Chromosomal regions showing significant differential expression can be visualized
by plotting the result of the \Rfunction{evalScoring} function (see figure
\ref{fig:exampleplot}). Hereby scores for genes (black
dots), the sliding average of the 0.025 and 0.975 quantiles of the
permuted scores (grey lines), the sliding average permuted scores
(red line), and highlighted regions (yellow dotted), where the score
exceeds the quantiles, are plotted along one chromosome. 
The yellow regions are deemed interesting, showing significant over- or under-expression 
according to the underlying statistic. 
The plot region ranges from zero to the length of the respective chromosome.

\begin{figure}[htbp]
  \begin{center}
    \includegraphics[width = 0.9 \columnwidth]{chrom6TkNN}
    \caption{Example plot of plot.MACATevalScoring}
    \label{fig:exampleplot}
  \end{center}
\end{figure}

One can generate an HTML-page (see figure \ref{fig:html}) on-the-fly by setting the argument 
\Rfunarg{output} in the function \Rfunction{plot.MACATevalScoring} to ``html''. 
The generated HTML-page provides information about genes located within the highlighted chromosomal regions. 
For each gene some annotation, a click-able LocusID linked to the NCBI web site, and the empirical p-value is provided.

\begin{figure}[htbp]
  \begin{center}
    %\epsfig{file=chrom6T.eps, width = 0.9 \columnwidth}
    \includegraphics[ width = 0.9 \columnwidth]{chrom6T}
    \caption{Example for a generated HTML-page}
    \label{fig:html}
  \end{center}
\end{figure}


\section{Results}

This section describes the results, we obtain from an exemplary analysis 
on ``T- vs. B-lymphocyte ALL''. \\
First the regularized t-score \cite{Tibshirani2002} is computed as described in section 
\ref{sec:scoringttest}. To include information about the distances between the 
genes, we used the radial basis kernel for smoothing 
with the default parameters (see section \ref{smoothing}).
We have investigated regions of chromosome six for significant differential expression.
Figure \ref{fig:html} shows that there is a region on the p-arm of chromosome six
that is significantly under-expressed. The genes within that region comprise also the
well known MHC class II genes that are known to be expressed by B-lymphocytes, but not
by T-lymphocytes.
Other genes in this region remain to be investigated in more detail.\\
Apart from this region the data reveals no other significant differences in 
gene expression between T- and B-lymphocyte ALL on chromosome six.

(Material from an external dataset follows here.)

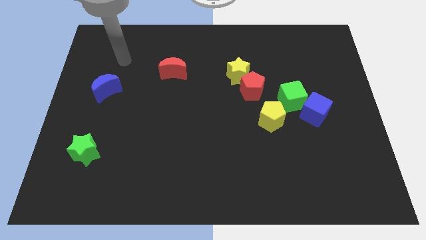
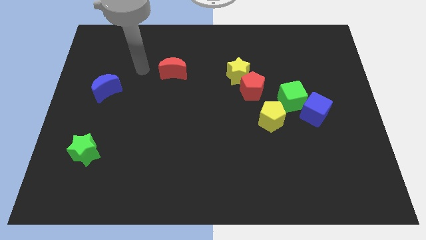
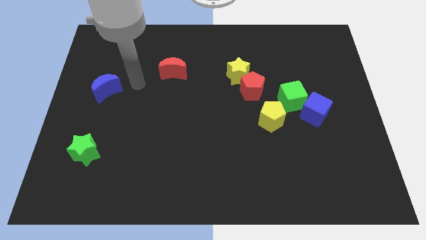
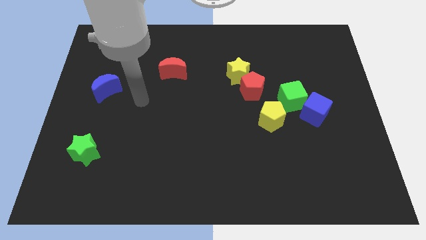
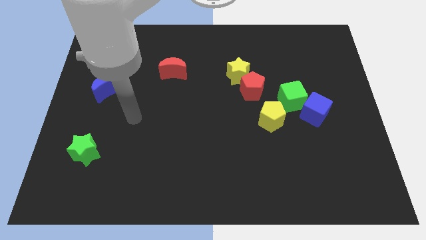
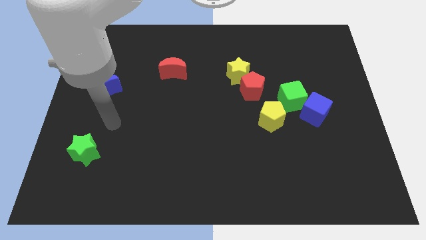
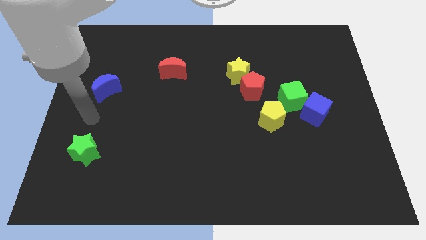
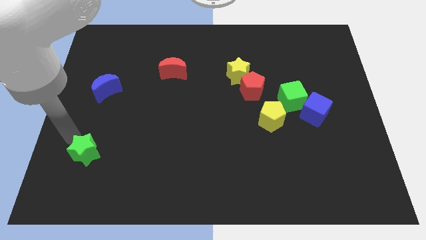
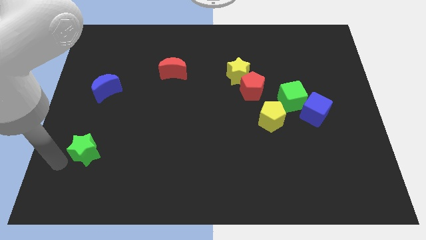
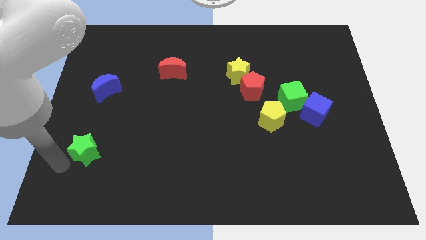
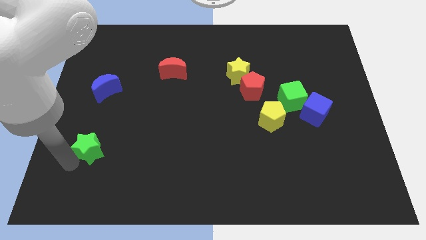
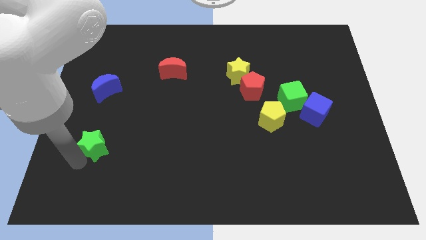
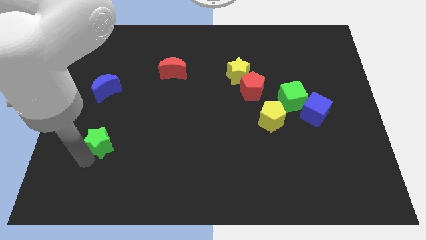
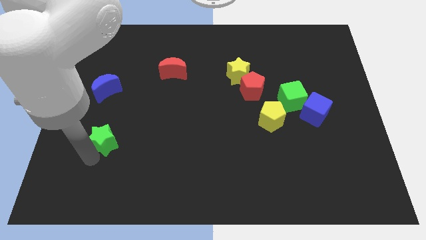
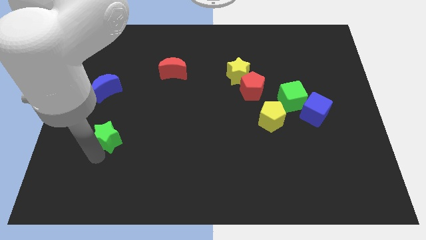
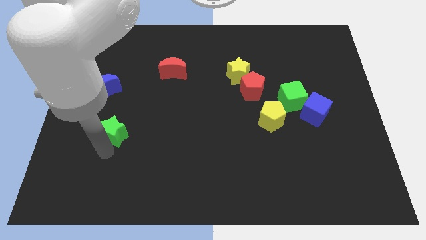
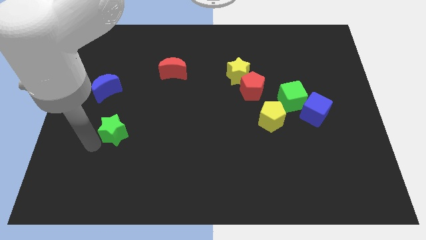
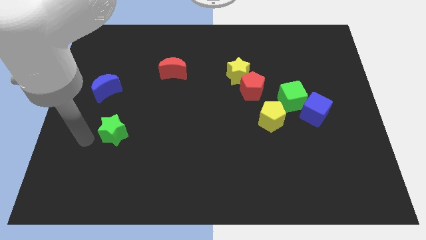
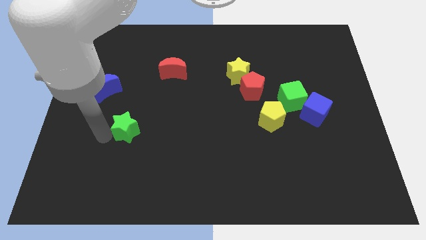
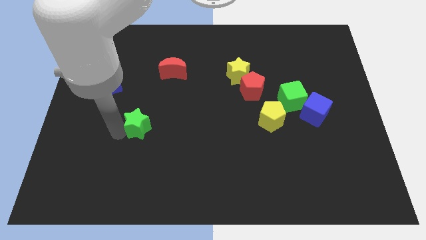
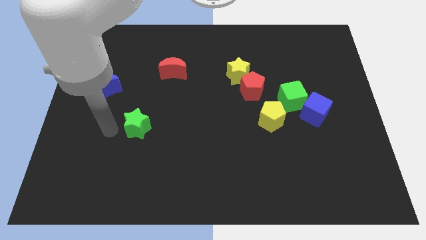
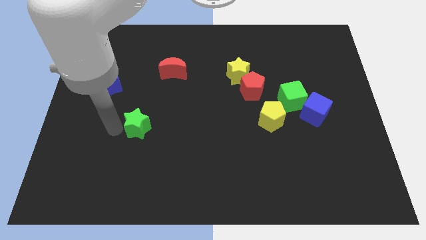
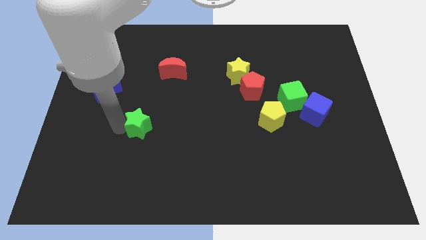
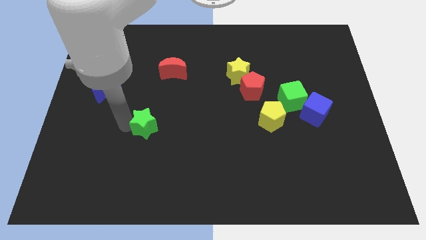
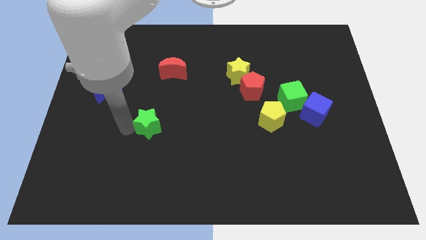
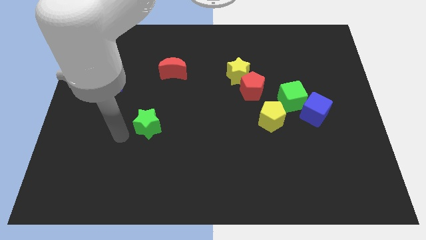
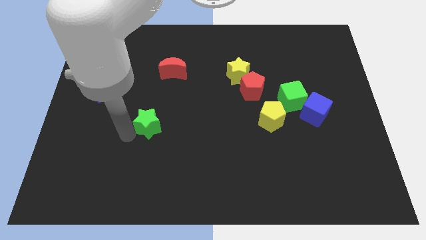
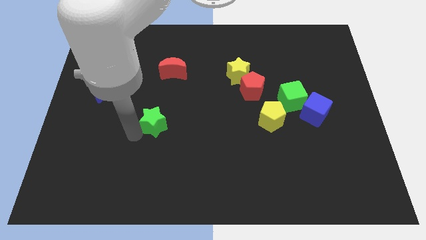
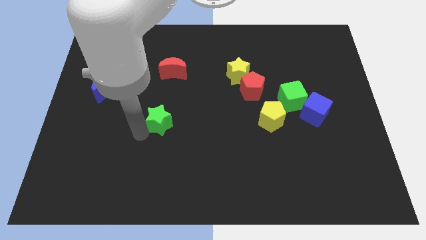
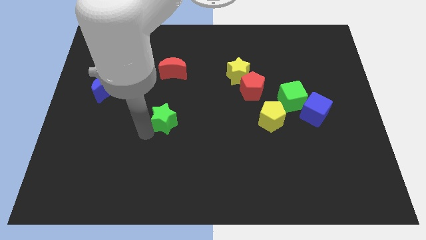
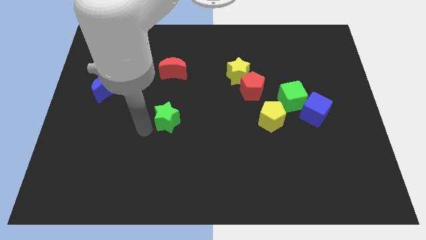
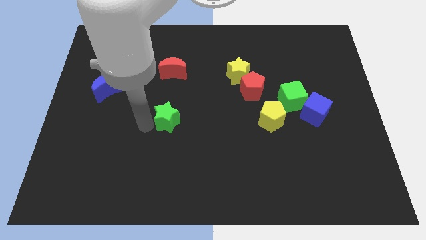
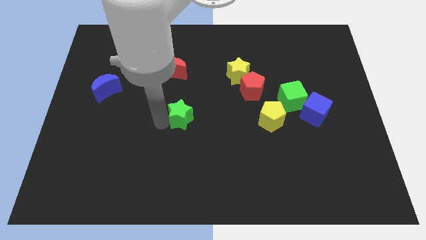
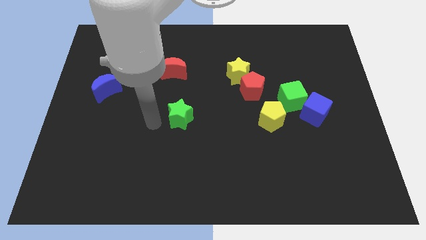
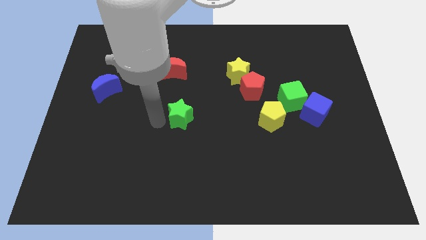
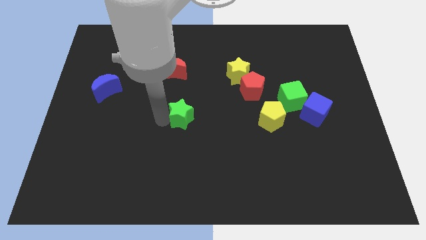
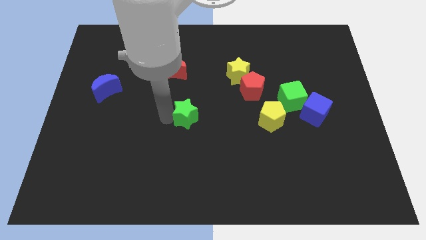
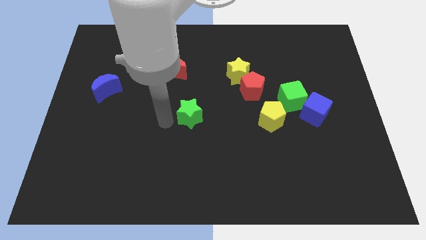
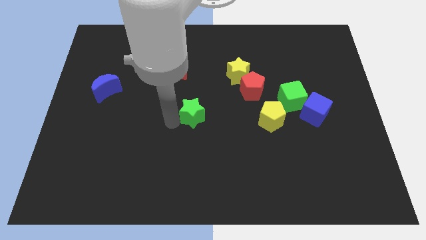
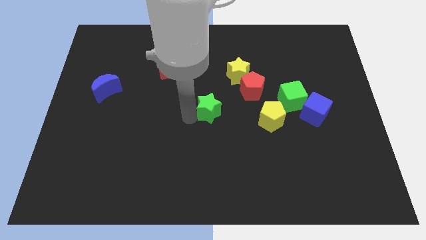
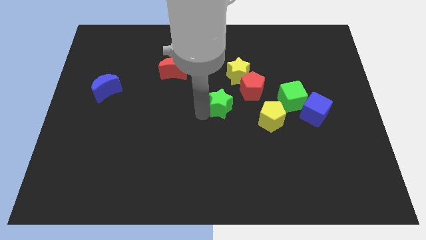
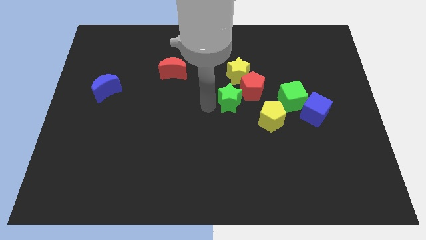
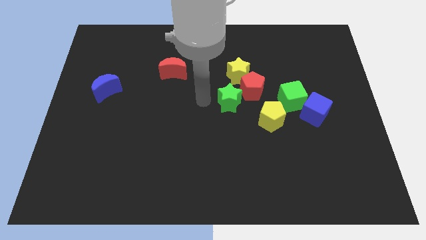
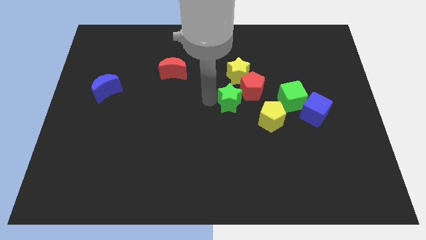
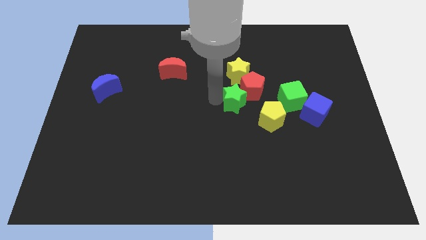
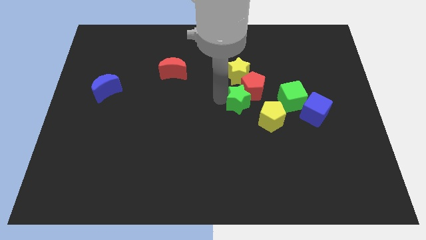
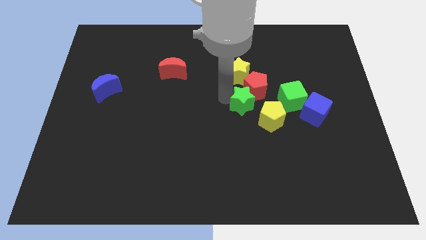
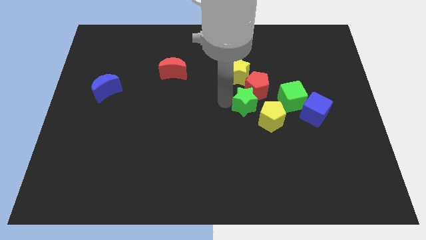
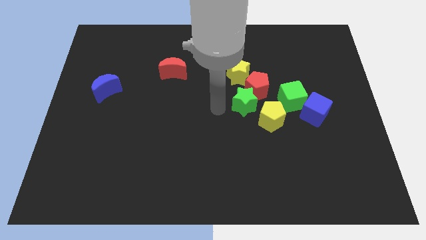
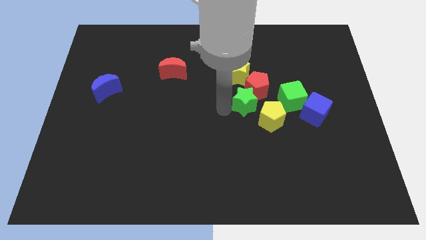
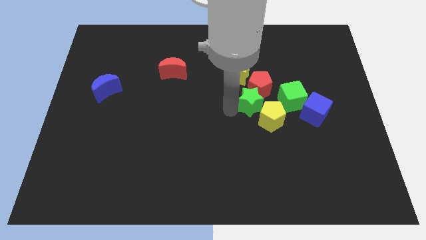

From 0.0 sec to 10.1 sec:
put the green star diagonally down and to the right of the yellow star

In table \ref{examplegenes}, we show a list of genes found to be located in
significantly differentially expressed regions on different chromosomes when
analyzing different subtypes of leukemia versus all other subtypes.

\begin{table}[htbp]

  \begin{center}
    \begin{tabular}{llllp{7.5cm}}
\bf{Class} & \bf{Chrom} & \bf{Cytoband} & \bf{LocusID} & \bf{OMIM Annotation} \\

MLL & 8 & 8q24.12 & 4609 & ''Alitalo et al. \cite{Alitalo} found that the MYC gene, which is involved by \emph{translocation} 
in the generation of \emph{Burkitt lymphoma}, is amplified, resulting in homogeneously staining chromosomal regions (HSRs) 
in a human neuroendocrine tumor cell line derived from a \emph{colon cancer}. The HSR resided on a distorted X chromosome; 
amplification of MYC had been accompanied by translocation of the gene from its normal position on 8q24.''\\

MLL & 9 & 9p22.3 & 6595 &  ''Mammalian SWI/SNF complexes are ATP-dependent chromatin remodeling enzymes 
that have been implicated in the regulation of gene expression, cell cycle control, 
and \emph{oncogenesis}.''\\

MLL & 9 & 9p24.3 & 23189 & '' The suggested role for this protein is in tumorogenesis of renal cell
\emph{carcinoma}.''\\

MLL & 11 & 11p13 & 7490 & ''Mutations in this gene can be associated with the development of \emph{Wilms tumors} 
in the kidney or with abnormalities of the genito-urinary tract.'' \\
E2A & 1 & 1q23 & 5087 &  ''Wiemels et al.\cite{wiemels} sequenced the genomic fusion between the PBX1 and E2A genes in 22 pre-B acute lymphoblastic leukemias and 2 cell lines. Kamps et al. \cite{kamps}  discussed the chimeric genes created by the human t(1;19) translocation in pre-B-cell acute lymphoblastic leukemias. The authors cloned 2 different E2A-PBX1 fusion transcripts and showed that NIH-3T3 cells transfected with cDNAs encoding the fusion proteins were able to cause malignant tumors in nude mice.''\\

E2A & 9 & 9p24.3 & 23189 & ''By RT-PCR and Western blot analysis, Sarkar et al. \cite{sarkar} demonstrated that KANK expression was suppressed in most renal tumors and in kidney tumor cell lines due to methylation at CpG sites in the gene.''

    \end{tabular}
    \caption{Example genes with OMIM annotation \cite{omim} detected by MACAT to be located in differentially expressed regions. 'Class' denotes the analyzed tumor subtype.}
  \label{examplegenes}    
  \end{center}
\end{table}


\section{Discussion and Outlook}

As described in the previous section, applying our method, we detected a chromosomal region as
significantly differentially expressed, which is in agreement with biological
knowledge of the two sample classes involved. This gives an indication that the chromosomal regions
annotated as being significant by the method are indeed biologically meaningful.
Many of the genes found by MACAT (see table \ref{examplegenes}) are known oncogenes or are at least
associated with oncogenesis.  

This fits well with our expectation, since it appears reasonable that different tumor subtypes can be
characterized on the molecular level by different expression levels for genes relevant to oncogenesis. 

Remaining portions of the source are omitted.